7:04am 6th September 2011
(Updated 7:04am 6th September 2011)
The Precious Lives Appeal is over - we have done it!
Cornwall and Plymouth have raised the five million pounds needed to make our own children's hospice a reality.
Scroll down for our video tours...
Eddie Farwell is the man whose dream has become a reality.
He and wife Jill began their campaign when they had to travel to Oxford for care with their own life limited children.
In 1991 they opened Little Bridge House in Barnstaple and, up till now, that has been the place most families from the Duchy have had to travel to.
He said, "Now here twenty years later, sadly without Jill alive to see it, we've now completed our third children's hospice which will mean that no child throughout the region is any more than an hour and a half's journey from the most specialist care during the journey that leads to those darkest of days which end in death.
"It is a great tribute to the people of Cornwall and Plymouth. It will be an ever greater asset to the people and families who use it down the years."
Kim from Camborne has been on that journey. Her son Nathan was born in 1991.
You can hear her story here...
People from across Cornwall have organised events, donated, bought raffle tickets, roof tiles or helped in other ways to make today a reality. Government funding only covers 11% of all costs.
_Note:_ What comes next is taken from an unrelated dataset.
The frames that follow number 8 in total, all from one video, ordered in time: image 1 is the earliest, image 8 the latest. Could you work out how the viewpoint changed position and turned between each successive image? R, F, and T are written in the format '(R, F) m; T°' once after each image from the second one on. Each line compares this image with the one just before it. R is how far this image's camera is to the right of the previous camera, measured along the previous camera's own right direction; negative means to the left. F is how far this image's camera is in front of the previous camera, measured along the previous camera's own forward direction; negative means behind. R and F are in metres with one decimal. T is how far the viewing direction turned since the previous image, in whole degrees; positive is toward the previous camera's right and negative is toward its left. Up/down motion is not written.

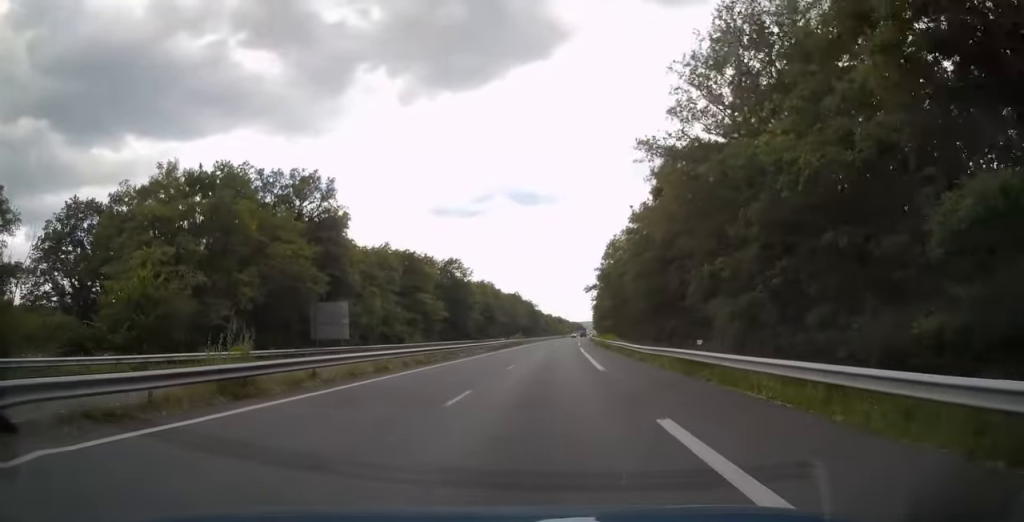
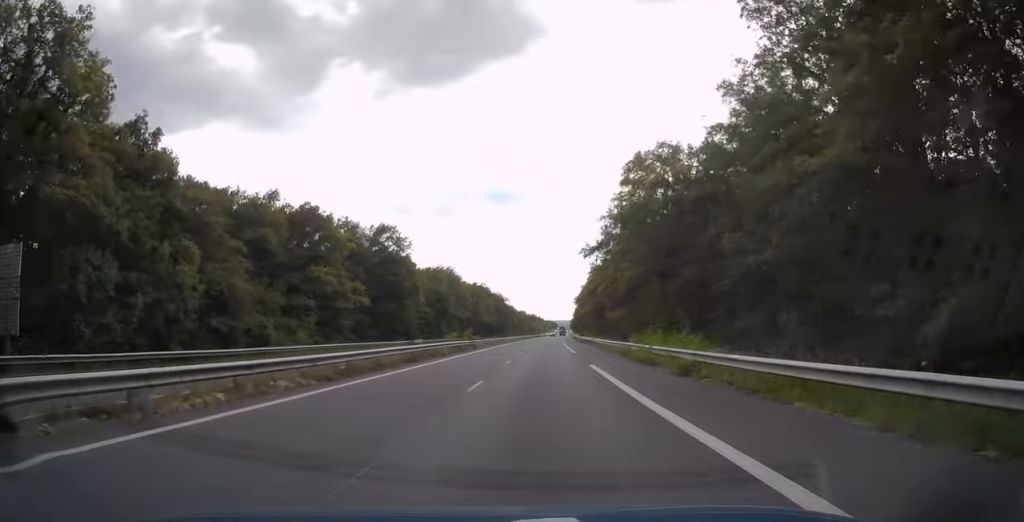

Jill Sharpless from Hayle has been raising money for twenty years. She said, "It's overwhelming, completely thrilled because I am here at Little Harbour. I felt a little bit like the Pope. I wanted to bend down and kiss the ground. It's a very emotional day."
Little Harbour stands on a hill, overlooking a valley with houses nestled into the hillside, away to the east the green grass slopes down to the sea.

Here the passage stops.